▶ **WORK TO BE COMPLETED**
Please give the number of lines in the entries below that hold "castle", with no other words.

##### MATERIAL FOR THE TASK #####

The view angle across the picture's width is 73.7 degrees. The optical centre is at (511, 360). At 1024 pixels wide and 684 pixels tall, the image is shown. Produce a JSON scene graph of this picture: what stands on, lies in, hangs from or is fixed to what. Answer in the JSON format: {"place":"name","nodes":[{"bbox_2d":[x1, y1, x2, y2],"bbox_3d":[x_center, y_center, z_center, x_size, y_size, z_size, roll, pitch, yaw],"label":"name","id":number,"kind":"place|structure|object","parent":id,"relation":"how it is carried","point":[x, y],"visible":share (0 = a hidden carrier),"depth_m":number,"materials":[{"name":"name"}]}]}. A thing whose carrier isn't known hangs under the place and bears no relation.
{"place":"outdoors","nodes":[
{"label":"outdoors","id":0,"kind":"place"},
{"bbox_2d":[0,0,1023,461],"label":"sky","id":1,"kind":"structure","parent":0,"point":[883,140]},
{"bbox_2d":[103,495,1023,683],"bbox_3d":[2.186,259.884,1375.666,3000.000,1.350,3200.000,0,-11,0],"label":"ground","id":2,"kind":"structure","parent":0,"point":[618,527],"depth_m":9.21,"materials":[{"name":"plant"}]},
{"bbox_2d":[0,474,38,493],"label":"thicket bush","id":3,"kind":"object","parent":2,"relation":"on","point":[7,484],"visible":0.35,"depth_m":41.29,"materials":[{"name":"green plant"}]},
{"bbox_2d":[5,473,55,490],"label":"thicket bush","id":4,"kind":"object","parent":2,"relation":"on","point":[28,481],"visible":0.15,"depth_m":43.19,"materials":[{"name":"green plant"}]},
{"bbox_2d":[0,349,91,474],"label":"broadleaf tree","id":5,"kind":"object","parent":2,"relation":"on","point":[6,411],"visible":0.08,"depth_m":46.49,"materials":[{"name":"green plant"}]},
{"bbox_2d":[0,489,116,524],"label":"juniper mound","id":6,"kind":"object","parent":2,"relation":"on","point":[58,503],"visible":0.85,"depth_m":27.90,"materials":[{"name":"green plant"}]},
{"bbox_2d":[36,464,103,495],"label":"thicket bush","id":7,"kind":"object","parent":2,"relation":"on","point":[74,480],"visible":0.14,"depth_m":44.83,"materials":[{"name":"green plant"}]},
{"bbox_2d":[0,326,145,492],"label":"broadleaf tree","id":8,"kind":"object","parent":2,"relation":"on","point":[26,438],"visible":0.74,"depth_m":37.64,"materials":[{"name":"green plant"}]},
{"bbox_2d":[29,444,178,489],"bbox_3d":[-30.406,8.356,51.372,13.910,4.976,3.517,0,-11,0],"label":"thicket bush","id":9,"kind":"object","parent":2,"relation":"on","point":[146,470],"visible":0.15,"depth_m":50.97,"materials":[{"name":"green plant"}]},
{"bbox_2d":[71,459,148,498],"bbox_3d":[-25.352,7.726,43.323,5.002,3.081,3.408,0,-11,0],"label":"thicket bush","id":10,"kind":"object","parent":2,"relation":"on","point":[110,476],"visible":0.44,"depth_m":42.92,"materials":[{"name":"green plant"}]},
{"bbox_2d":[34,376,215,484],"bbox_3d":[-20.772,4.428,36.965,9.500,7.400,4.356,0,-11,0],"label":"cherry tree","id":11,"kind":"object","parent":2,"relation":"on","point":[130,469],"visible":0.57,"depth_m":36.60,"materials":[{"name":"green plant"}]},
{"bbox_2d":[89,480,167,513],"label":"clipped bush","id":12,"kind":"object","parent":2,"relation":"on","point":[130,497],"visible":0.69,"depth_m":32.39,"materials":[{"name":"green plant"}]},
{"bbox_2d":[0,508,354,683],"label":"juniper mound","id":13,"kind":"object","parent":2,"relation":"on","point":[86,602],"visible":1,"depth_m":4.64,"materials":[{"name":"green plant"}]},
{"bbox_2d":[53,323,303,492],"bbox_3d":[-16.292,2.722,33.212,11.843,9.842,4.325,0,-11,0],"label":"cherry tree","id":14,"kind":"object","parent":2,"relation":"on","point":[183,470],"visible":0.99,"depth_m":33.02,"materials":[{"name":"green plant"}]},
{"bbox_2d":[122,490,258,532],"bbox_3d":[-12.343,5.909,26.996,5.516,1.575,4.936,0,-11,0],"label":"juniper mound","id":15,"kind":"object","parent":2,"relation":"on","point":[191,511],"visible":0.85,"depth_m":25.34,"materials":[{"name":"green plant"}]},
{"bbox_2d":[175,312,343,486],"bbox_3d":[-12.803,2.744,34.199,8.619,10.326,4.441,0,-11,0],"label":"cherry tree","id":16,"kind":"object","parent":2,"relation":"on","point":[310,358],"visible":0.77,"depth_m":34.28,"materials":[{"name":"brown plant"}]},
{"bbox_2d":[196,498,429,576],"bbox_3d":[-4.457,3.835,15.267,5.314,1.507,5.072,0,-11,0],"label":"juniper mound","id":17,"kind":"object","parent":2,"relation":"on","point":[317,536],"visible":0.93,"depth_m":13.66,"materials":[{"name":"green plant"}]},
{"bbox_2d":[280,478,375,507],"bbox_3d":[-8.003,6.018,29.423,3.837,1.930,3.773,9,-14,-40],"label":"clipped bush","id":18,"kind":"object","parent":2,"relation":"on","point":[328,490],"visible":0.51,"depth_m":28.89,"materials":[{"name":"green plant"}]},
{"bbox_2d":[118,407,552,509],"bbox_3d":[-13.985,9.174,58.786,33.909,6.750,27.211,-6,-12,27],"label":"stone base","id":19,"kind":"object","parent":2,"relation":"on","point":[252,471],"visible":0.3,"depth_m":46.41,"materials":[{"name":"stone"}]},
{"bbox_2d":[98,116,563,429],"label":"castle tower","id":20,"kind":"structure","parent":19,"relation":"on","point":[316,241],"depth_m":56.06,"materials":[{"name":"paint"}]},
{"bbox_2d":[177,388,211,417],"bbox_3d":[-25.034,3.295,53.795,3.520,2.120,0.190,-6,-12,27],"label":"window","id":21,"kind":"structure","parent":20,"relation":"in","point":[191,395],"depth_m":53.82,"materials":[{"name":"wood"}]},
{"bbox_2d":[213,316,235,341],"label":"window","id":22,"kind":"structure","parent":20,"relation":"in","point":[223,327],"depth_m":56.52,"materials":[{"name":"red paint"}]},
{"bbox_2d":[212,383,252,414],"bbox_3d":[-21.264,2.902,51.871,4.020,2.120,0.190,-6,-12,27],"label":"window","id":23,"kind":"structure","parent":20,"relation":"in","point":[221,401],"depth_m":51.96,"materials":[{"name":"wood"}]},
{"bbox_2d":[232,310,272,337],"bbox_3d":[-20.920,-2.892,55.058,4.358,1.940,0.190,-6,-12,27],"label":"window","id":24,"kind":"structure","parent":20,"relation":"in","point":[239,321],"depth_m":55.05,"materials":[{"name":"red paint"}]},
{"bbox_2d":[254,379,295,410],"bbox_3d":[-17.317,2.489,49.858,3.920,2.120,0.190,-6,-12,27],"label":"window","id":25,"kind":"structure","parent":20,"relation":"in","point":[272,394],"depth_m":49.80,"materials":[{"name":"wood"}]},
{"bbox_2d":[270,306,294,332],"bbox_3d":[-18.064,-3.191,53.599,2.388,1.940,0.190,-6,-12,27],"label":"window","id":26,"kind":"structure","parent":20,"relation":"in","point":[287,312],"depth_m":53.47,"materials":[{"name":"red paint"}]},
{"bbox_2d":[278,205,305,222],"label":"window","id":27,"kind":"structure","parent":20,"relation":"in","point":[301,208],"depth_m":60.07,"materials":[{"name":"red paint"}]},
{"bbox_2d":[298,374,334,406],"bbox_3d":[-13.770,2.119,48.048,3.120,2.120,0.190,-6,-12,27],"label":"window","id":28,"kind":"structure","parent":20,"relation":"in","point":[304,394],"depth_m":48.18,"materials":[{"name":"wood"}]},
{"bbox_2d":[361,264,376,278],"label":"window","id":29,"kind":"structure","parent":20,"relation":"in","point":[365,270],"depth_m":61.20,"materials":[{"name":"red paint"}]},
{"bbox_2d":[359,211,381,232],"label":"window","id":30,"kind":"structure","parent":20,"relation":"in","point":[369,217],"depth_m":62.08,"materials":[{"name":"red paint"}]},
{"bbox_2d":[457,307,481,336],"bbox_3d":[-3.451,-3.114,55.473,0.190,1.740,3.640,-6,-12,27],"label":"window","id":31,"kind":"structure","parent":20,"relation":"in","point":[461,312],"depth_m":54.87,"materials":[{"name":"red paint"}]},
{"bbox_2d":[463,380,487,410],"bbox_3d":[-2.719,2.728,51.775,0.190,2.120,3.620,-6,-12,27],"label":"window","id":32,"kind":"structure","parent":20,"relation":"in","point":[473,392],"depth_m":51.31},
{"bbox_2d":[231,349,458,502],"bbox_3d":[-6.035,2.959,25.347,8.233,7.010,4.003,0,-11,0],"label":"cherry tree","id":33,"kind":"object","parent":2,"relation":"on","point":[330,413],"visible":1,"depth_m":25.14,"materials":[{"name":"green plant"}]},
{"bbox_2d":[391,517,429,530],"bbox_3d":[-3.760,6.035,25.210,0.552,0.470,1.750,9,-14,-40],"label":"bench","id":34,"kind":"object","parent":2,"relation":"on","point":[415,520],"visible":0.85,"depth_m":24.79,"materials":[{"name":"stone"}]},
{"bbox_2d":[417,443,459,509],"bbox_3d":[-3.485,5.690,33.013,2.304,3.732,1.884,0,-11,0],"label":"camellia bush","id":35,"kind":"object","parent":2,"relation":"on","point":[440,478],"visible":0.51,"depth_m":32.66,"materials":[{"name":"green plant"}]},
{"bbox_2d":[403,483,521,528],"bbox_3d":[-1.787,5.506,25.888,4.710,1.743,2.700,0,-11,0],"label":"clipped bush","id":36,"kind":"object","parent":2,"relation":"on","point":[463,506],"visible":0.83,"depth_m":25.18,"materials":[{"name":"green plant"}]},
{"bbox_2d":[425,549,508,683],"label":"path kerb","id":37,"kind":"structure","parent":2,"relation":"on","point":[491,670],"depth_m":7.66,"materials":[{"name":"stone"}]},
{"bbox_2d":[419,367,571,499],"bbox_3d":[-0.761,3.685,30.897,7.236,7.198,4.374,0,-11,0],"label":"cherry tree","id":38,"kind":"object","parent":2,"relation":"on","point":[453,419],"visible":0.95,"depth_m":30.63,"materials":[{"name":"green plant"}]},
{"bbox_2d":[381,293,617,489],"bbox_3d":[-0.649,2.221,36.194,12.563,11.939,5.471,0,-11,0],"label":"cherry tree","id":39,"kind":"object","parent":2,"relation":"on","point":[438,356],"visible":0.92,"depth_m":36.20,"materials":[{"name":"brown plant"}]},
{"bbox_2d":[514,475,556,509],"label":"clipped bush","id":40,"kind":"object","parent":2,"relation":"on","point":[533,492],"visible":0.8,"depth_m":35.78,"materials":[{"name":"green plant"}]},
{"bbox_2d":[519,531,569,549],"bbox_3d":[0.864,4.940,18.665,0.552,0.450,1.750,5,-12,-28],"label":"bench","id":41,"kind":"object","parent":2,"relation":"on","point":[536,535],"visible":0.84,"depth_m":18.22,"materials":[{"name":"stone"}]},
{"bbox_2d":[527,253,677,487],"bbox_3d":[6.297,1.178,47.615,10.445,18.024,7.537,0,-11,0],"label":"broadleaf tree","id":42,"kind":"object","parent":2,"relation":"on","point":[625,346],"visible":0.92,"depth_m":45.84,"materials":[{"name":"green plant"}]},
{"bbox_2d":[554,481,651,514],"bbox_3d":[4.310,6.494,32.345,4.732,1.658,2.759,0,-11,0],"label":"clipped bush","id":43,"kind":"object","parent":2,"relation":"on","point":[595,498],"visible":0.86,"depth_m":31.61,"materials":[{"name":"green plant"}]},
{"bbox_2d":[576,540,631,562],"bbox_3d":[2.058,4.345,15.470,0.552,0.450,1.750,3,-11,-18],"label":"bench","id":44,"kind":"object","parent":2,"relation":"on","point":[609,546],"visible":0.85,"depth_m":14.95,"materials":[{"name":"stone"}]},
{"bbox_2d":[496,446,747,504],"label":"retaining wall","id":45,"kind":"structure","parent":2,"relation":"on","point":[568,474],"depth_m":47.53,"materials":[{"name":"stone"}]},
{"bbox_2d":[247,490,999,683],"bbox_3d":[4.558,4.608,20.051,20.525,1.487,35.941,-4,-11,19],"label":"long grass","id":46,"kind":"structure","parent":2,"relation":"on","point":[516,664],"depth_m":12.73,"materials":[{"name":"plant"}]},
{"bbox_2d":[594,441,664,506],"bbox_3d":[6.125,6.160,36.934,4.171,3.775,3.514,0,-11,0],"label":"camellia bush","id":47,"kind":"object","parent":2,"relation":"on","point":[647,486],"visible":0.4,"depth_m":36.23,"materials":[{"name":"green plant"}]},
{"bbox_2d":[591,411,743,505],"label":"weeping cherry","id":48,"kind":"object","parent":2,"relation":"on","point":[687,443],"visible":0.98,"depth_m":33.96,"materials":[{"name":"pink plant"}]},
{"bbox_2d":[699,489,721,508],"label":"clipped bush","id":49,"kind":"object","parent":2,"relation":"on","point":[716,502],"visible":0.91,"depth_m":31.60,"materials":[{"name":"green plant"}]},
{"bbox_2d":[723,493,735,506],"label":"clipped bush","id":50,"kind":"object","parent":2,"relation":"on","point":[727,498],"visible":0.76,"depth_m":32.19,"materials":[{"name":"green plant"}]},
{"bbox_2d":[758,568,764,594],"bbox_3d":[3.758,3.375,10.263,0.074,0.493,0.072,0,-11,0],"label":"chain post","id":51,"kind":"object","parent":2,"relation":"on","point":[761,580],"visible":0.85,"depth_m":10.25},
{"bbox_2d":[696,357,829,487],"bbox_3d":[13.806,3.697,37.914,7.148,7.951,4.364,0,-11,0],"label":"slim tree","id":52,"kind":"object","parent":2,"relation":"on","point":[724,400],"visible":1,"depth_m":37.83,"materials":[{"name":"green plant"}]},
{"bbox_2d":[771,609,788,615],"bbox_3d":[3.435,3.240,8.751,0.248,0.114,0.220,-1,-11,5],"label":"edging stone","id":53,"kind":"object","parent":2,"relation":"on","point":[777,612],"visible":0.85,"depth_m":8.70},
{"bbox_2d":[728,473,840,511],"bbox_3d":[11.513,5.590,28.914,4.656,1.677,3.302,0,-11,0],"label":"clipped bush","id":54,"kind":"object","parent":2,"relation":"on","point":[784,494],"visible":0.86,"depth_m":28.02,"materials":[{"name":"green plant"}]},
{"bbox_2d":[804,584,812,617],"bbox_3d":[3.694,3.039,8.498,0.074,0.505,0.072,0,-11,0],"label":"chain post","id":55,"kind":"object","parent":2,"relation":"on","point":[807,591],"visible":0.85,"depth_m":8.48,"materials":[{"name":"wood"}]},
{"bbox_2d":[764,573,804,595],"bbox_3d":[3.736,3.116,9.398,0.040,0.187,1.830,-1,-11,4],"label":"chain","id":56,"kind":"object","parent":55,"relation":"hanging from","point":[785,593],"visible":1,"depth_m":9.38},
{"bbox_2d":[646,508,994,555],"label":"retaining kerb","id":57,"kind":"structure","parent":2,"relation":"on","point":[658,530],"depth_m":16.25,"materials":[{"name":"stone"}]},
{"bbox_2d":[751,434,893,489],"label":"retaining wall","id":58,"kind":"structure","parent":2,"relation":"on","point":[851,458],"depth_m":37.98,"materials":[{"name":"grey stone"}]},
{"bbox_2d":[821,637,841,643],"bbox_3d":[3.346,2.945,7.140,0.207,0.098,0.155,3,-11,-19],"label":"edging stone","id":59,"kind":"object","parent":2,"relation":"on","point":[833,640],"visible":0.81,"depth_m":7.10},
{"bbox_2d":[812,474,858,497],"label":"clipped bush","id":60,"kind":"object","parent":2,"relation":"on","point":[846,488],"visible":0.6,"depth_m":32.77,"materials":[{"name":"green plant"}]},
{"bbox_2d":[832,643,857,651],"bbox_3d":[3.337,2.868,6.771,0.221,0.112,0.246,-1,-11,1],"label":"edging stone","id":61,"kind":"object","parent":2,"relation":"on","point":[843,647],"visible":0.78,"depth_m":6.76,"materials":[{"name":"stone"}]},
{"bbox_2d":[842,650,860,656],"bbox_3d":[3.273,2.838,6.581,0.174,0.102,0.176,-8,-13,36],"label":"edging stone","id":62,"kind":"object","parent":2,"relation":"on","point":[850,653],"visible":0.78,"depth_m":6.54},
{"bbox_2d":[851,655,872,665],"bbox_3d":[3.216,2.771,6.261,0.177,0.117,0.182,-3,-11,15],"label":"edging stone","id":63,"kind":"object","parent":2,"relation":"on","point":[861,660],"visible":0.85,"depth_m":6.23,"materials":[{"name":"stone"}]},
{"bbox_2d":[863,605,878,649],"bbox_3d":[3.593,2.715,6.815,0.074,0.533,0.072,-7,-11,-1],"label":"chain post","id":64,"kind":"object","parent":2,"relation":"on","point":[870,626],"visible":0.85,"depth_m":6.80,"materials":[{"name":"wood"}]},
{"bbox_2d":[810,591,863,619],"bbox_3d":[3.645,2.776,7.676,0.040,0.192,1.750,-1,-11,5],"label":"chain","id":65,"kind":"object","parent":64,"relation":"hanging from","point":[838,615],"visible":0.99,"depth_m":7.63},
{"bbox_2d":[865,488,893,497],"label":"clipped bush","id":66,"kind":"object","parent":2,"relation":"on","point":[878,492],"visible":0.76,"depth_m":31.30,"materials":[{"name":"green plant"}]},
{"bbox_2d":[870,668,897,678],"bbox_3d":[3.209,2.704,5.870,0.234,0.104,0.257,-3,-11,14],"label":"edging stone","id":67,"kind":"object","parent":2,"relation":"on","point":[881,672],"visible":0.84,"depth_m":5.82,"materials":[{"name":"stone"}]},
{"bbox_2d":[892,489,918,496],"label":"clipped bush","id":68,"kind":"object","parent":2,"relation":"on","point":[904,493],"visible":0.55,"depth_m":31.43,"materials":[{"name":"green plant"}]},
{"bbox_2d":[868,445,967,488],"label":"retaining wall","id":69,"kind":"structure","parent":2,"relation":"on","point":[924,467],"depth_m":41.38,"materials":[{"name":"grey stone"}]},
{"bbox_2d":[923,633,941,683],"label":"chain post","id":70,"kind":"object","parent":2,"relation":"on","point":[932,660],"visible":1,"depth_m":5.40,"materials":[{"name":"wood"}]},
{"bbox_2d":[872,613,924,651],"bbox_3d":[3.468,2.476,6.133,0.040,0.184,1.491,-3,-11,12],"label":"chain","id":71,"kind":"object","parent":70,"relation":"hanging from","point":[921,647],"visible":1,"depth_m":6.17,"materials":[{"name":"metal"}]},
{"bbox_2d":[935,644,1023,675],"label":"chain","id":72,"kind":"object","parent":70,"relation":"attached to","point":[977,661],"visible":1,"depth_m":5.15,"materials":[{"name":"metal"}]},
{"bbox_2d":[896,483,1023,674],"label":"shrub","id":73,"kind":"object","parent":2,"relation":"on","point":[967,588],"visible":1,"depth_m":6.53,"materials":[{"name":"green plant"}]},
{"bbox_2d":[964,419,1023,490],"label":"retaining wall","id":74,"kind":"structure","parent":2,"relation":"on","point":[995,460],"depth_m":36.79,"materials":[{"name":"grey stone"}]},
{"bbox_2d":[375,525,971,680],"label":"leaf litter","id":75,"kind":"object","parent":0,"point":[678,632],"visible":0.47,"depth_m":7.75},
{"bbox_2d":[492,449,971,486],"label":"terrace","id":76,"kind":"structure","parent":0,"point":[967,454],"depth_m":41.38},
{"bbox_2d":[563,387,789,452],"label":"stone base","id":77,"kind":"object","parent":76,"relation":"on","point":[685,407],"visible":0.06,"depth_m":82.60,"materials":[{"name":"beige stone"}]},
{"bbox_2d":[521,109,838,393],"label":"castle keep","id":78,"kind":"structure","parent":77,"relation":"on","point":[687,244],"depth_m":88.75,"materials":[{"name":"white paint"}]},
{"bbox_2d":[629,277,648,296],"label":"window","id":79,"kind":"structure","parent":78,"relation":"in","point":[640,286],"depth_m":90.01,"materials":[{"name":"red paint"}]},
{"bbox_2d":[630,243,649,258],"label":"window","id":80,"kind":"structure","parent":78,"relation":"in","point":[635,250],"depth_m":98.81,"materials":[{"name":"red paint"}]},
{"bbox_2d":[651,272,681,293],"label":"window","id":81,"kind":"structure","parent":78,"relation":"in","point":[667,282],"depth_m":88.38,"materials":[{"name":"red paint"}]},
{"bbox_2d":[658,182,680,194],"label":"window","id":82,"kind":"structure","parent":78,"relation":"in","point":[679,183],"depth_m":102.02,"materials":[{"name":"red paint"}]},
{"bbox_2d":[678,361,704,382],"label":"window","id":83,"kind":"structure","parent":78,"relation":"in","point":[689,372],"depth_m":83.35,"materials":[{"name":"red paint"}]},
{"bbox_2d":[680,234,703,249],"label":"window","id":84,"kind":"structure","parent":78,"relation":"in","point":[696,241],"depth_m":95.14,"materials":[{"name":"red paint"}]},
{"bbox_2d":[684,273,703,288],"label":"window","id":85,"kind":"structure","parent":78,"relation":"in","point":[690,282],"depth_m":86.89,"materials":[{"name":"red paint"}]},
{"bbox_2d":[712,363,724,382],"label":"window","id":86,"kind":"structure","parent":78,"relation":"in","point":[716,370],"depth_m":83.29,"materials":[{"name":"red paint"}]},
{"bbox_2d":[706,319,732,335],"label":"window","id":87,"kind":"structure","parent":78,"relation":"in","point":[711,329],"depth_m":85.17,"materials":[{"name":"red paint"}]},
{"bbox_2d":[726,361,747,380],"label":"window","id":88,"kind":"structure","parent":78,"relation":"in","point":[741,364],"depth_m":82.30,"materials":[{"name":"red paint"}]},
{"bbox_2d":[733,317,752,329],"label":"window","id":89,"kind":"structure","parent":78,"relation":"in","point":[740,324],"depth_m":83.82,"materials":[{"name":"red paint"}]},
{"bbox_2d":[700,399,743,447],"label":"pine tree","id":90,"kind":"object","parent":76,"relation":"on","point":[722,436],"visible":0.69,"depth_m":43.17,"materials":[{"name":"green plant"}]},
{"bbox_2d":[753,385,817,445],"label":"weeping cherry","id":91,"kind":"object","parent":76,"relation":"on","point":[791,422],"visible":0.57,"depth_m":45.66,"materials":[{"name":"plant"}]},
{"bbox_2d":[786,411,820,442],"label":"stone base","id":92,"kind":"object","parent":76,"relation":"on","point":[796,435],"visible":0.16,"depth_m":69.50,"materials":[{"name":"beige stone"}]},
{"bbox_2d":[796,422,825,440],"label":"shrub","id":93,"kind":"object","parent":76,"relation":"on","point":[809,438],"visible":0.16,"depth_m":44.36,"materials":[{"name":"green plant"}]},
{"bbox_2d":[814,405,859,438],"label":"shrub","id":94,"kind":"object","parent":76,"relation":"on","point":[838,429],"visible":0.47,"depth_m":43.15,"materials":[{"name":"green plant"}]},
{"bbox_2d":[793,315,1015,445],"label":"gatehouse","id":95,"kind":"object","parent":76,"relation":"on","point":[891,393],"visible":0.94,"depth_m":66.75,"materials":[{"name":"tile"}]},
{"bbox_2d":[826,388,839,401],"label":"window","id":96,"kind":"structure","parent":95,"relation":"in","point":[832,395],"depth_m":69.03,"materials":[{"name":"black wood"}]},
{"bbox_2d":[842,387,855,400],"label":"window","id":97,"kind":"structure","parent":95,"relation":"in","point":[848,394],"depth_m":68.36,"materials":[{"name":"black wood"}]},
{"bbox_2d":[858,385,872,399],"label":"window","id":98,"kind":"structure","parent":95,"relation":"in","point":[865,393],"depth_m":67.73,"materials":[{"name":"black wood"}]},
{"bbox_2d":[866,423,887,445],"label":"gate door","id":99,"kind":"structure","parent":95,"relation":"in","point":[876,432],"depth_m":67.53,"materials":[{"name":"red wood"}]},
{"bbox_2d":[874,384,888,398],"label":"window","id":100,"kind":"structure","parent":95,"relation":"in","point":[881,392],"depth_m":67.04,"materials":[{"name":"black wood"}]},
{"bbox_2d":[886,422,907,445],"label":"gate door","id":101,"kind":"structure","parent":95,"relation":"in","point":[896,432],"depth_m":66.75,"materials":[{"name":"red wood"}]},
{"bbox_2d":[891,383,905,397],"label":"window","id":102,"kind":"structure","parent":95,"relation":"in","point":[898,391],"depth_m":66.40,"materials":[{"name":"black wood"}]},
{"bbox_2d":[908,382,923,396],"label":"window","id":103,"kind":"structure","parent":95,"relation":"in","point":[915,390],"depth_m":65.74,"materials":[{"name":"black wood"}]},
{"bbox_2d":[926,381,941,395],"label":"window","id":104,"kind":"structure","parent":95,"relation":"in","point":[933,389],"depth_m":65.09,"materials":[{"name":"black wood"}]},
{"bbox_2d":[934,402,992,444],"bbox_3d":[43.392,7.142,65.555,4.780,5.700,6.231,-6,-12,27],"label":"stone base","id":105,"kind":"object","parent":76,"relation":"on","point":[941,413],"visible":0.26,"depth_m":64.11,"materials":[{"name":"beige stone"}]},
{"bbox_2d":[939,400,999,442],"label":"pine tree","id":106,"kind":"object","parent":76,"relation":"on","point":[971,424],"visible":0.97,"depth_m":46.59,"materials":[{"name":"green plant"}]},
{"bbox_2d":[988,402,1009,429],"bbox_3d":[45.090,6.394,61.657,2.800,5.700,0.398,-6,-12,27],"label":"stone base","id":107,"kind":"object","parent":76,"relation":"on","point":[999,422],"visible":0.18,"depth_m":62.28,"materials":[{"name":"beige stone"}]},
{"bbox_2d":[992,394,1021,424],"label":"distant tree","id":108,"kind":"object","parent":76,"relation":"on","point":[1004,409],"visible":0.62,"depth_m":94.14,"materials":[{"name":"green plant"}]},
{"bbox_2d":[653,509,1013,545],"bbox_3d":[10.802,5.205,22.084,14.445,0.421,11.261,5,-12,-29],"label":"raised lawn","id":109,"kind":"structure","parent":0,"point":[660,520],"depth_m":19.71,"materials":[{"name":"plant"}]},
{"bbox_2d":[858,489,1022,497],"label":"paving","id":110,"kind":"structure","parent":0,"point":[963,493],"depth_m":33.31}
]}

#####

▶ **WRITTEN ANSWER**
2